The Silent Sister(15)



“Have you been going through his things?” Her head was lowered toward her bowl, but her eyes were raised, watching me from beneath thickly mascaraed lashes. I wasn’t sure what was behind her question, but it made me feel guilty. Again.

“Not really,” I said. “I haven’t known where to begin.”

“Would you like help?” She looked excited all of a sudden, as though she’d been waiting for the opportunity to ask. “I’d be happy to do that.” She set down her spoon and used her hands to help her talk. “I can track down resources for you,” she said. “Appraisers for the collections. Then perhaps buyers. You really need to hold an estate sale and it so happens that my daughter, Christine, recently started an estate sale business, so she can help you set that up. She’s very good.”

“That would be awesome,” I said sincerely, although I found myself leaning away from the table as though blown back by her sudden burst of energy. “I forgot you had a daughter.” I wasn’t sure I’d ever known.

“She’s considerably older than you, so you never really knew her. She’s forty-two now, a couple of years older than Lisa would have been. They played together sometimes when they were little, before Christine and I moved to Asheville.” She rolled her eyes. “When Lisa wasn’t practicing the violin, that is. Your sister was a driven—and very talented—little girl.”

“I know.”

“Let me come over and go through the house to see what’s there,” Jeannie said. “When would be a good time? How long do you plan to be here?”

“I was hoping to be done in a couple of weeks, but I can see that’s not going to happen. I have the summer off so—”

“Can your brother help?”

I shook my head, and it was clear I didn’t need to explain.

“It’s always a bigger job than you imagine,” she said. “And with that particular house … I can certainly help you get it ready to go on the market, if you like, but I don’t want you to feel pressured to use me just because—”

“Please. I’m sure my father would have wanted you to be the one to sell it, and I don’t know the first thing about how to do it.”

“You can let me take care of everything!” Her cheeks were flushed. “Christine and I will make it easy for you.” She pushed her bowl to the side of the table, clearly more interested in talking now than eating. “Now, because of how your father has everything set up in that house—all the built-in cabinets and the way he transformed the living room into an office and everything—I think we’ll have to do some renovations to make it look like a comfortable family home,” she said. “Nothing huge. No tearing down walls or anything like that, but the cabinets need to go and his furniture is quite old and the kitchen and bathrooms are beyond dated. We should have the estate sale first to get everything we can out of there and then evaluate the need to do the kitchen and baths, because that would be an expense, though perhaps worth it in the long run.” She was off and running and I sank lower in my chair, drowning under the deluge of her ideas. “The house has great bones,” she continued, “but he let the outside get a bit rundown and with old houses like that, they can look haunted, don’t you think?”

“Well, he spent so much time working on the RV park.” I felt defensive, although seriously, the RV park looked like it took care of itself. Trees. Creek. Concrete pads. What was there to do?

“How about I get someone over to the house to do the lawn and trim the shrubbery?” Jeannie asked. “Maybe plant something colorful in the front for a little curb appeal?”

“That would be awesome,” I said again. I didn’t like her—she was pushy and hard to read and I felt resentful of all she knew about me and my family. But I was relieved to have someone to help me.

We settled up with the waitress—Jeannie paid for my barely touched tacos—and we walked out to the sidewalk. Standing in front of the entrance, I turned to face her.

“I’ll call you in a day or two and figure out a time for you to come over,” I said.

“Don’t wait too long,” she warned.

“No, I won’t,” I said.

She lifted my hand and held it tightly as she stared hard into my eyes. I felt gooseflesh rise on the back of my neck.

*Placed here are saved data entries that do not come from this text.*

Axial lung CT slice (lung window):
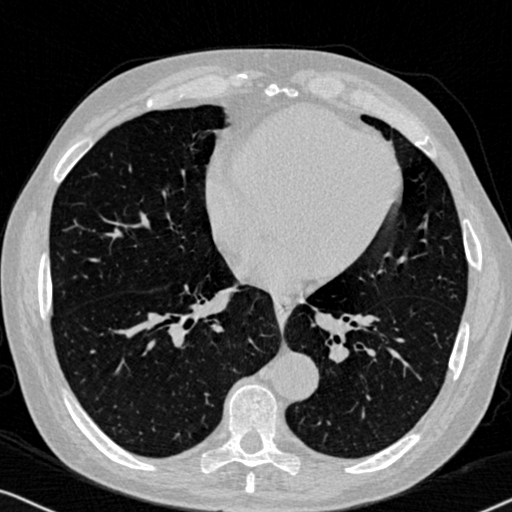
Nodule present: no
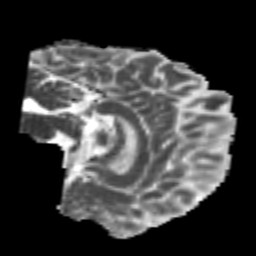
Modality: MD
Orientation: sagittal
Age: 23
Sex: male
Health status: healthy
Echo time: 0.074 s
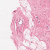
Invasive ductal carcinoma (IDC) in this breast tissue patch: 0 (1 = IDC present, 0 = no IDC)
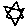
Label: star
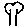
Label: tree
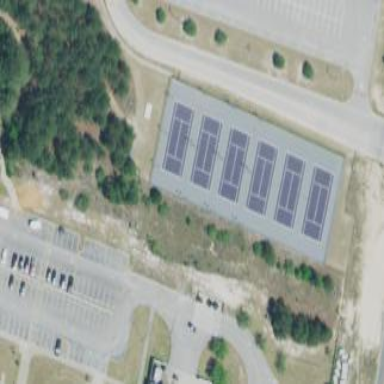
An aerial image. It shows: Tennis court on pitch designated for leisure land.
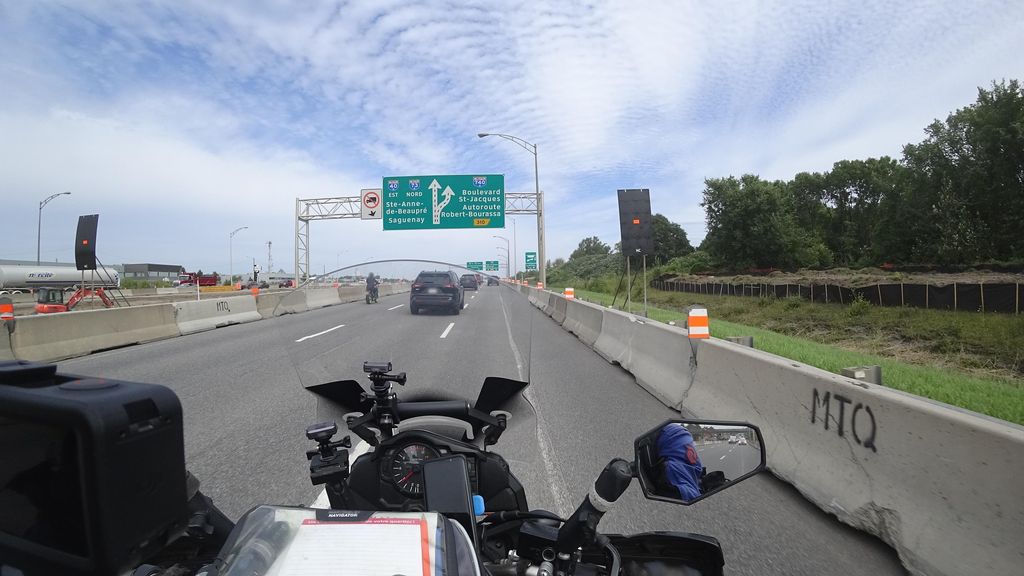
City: quebec_city
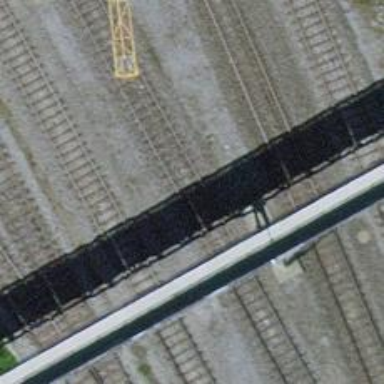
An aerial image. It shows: Railway switch.
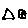
Label: square
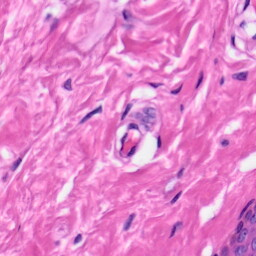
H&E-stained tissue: Skin
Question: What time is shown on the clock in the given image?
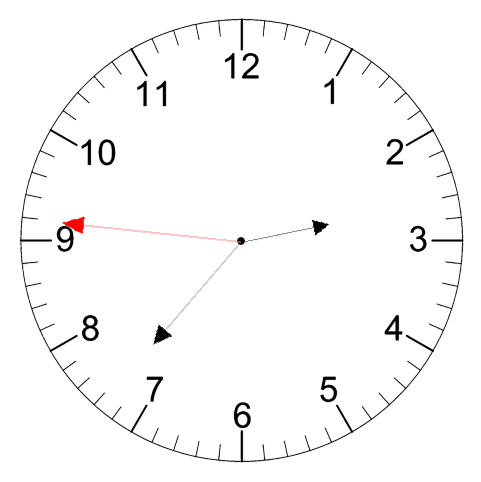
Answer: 02:36:46
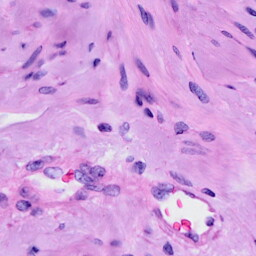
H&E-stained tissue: Cervix
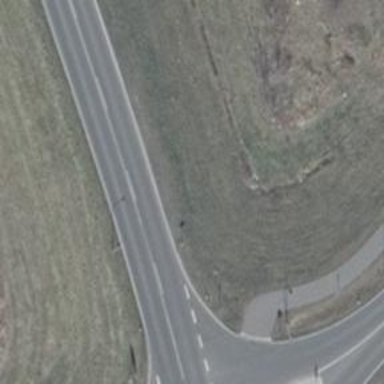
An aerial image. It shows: Secondary road with asphalt surface and embankment.
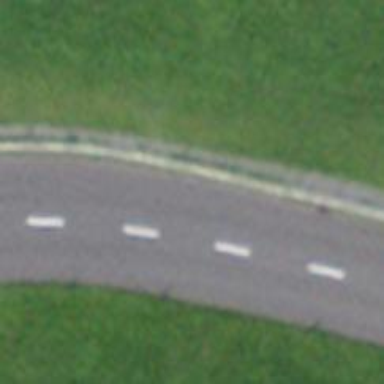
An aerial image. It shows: Primary road with asphalt surface.
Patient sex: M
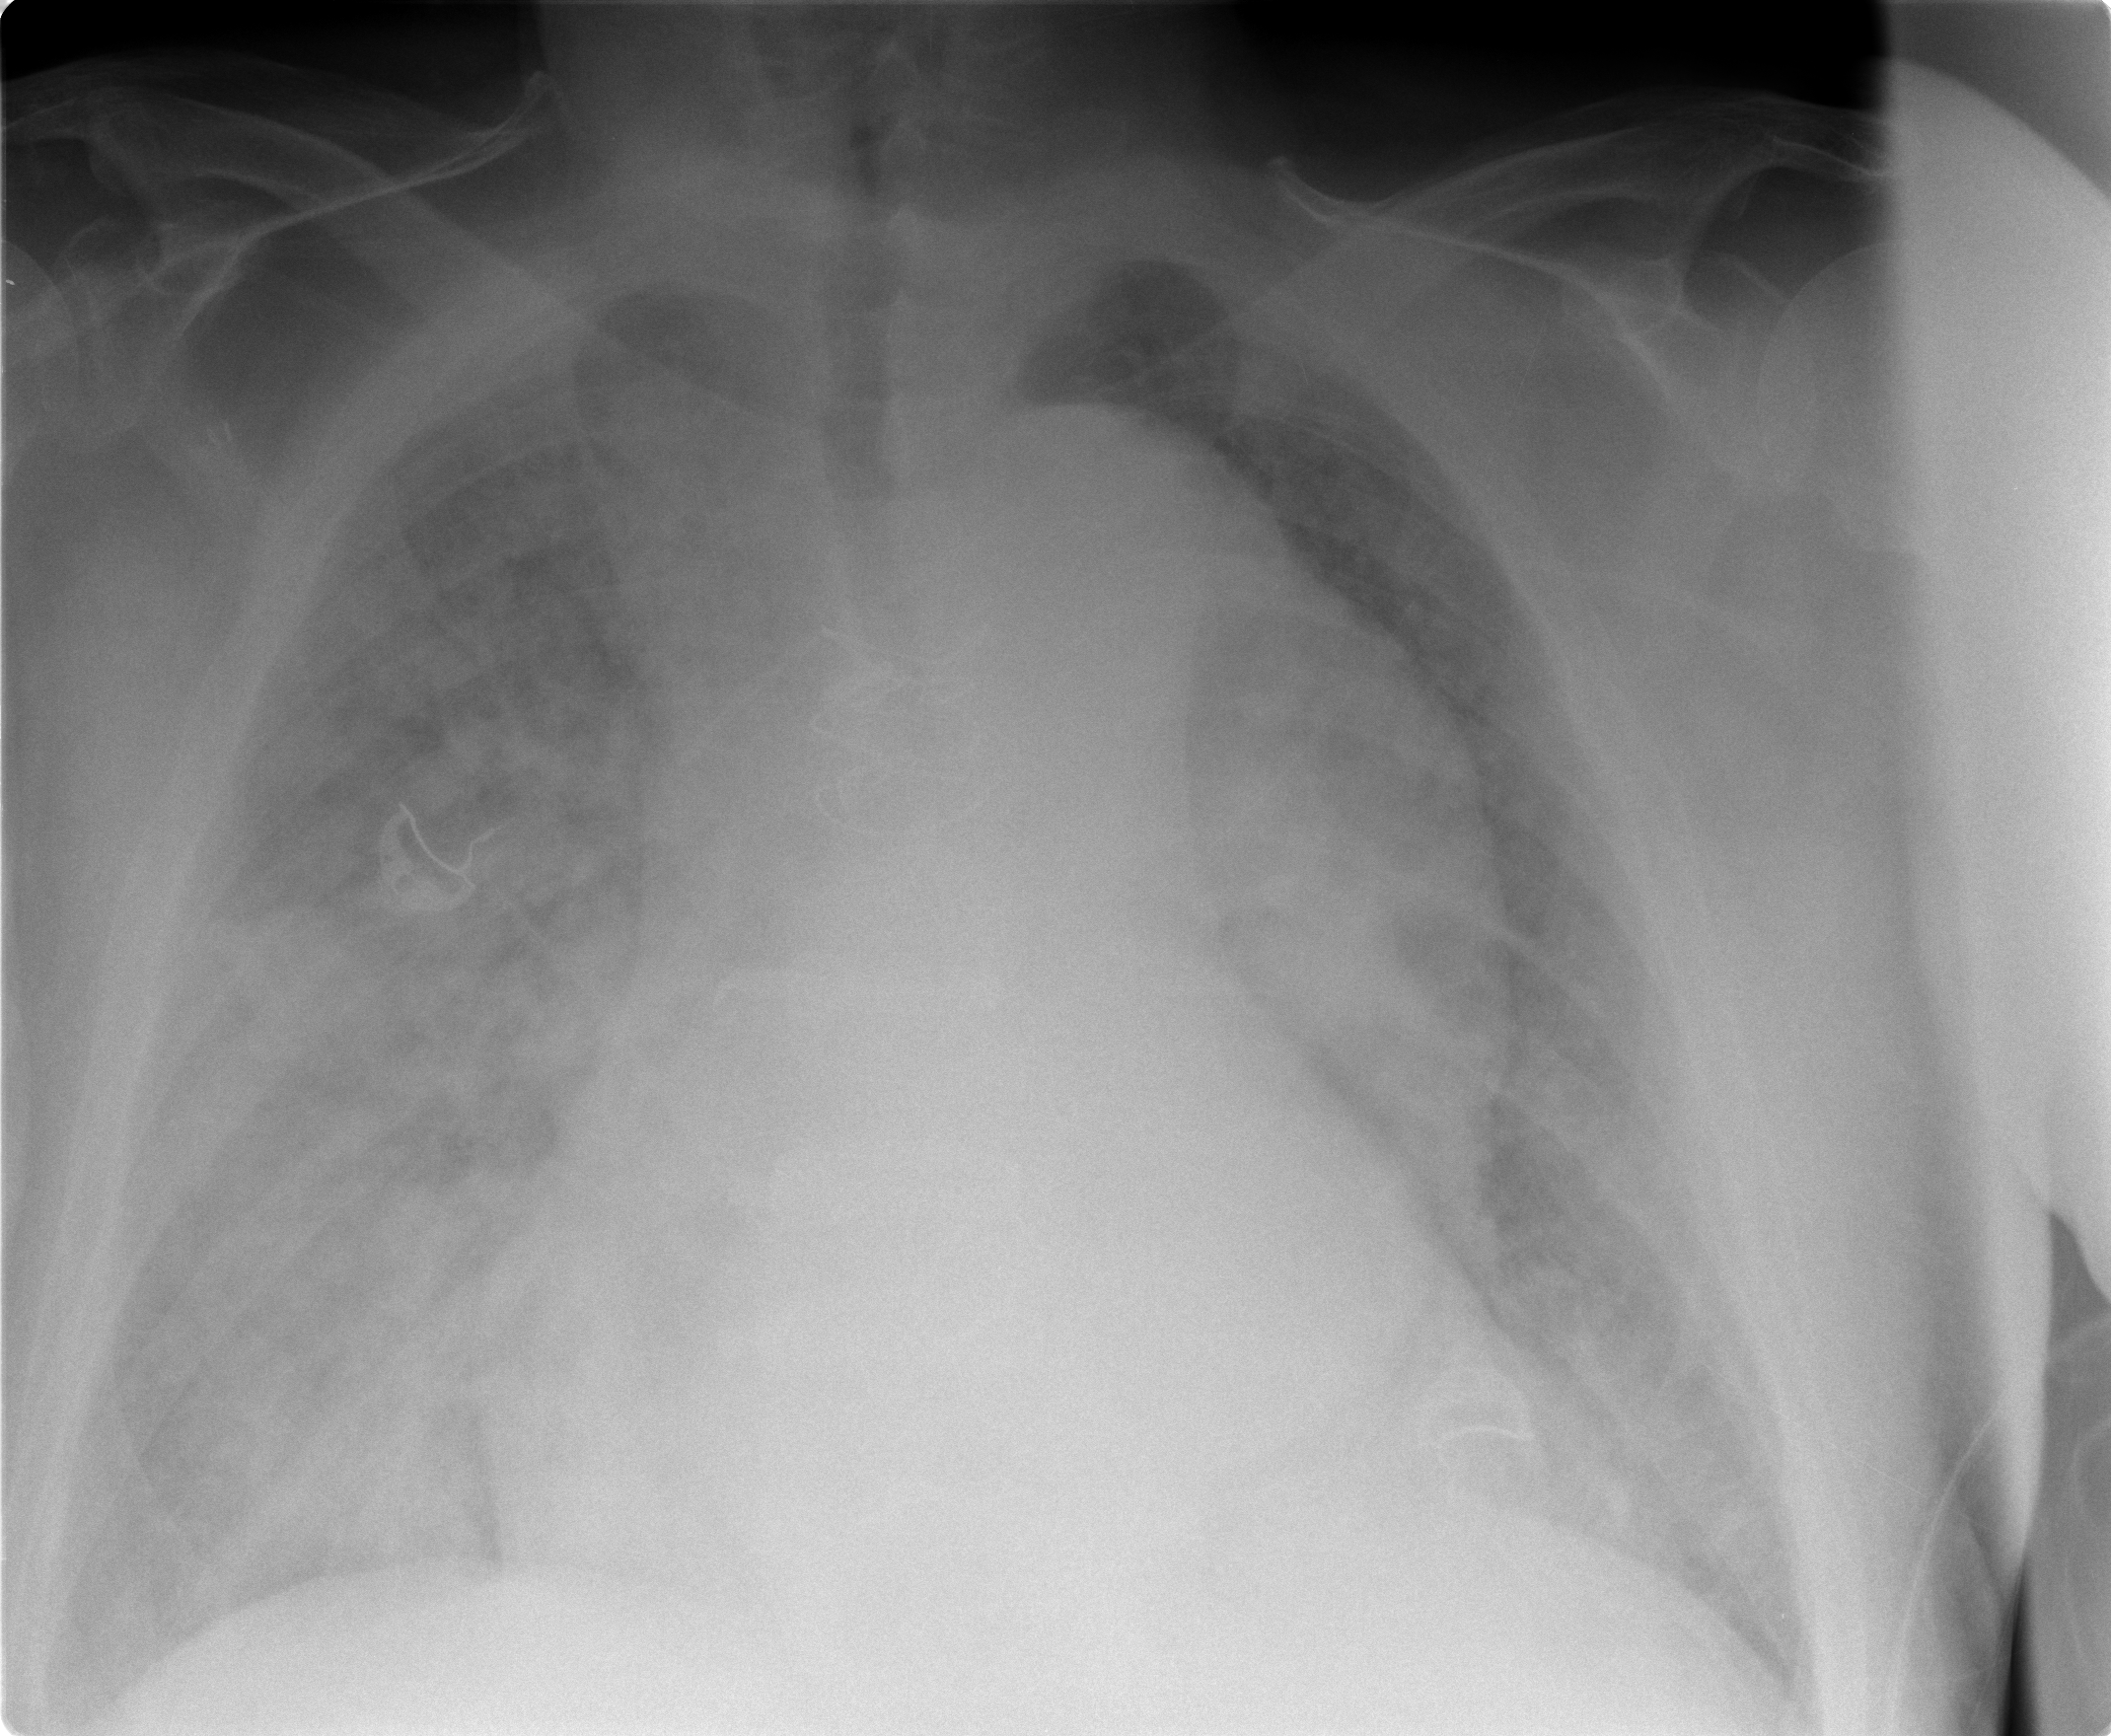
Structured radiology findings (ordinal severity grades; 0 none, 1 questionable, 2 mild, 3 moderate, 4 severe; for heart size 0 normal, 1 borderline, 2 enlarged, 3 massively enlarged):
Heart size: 2
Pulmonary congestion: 2
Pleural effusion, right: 1
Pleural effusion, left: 1
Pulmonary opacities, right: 3
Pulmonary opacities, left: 3
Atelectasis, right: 3
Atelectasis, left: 2

“I’m so glad to see you again, Riley,” she said, finally freeing my hand.

I gave her a weak smile. “I’ll call you,” I said, and turned to head home, thinking all the way, What the hell is wrong with that woman?





7.



There was a big box of photographs on the top shelf of my father’s bedroom closet. I carried it to his bed, which I’d stripped when I was in town the last time, washing the sheets and pulling the quilt up. I’d noticed then that the quilt had initials in the corner: “JL to FM.” At the time, I hadn’t thought much about it, too caught up in the sorrow over losing my father. Now I realized Jeannie had most likely made the blue and yellow patchwork quilt for him. A personal thing. Something for his bed.

I wasn’t sure why that woman made me so uncomfortable. The fact that she seemed to have been closer to my father than I’d been, I guessed. The suspicion that she’d been happy to get my mother out of the way so she could take her place? That was unfair. My mother’d been her oldest friend—I knew that for a fact—and surely Jeannie was telling the truth when she said that her grief and my father’s grief had drawn them together. It was the way she spoke to me. The way she stared at me, especially there on the street after lunch. I was trained, though, to look beyond behavior to motivation. Maybe she was simply uncomfortable with me. She didn’t know how to behave with the daughter of her lover.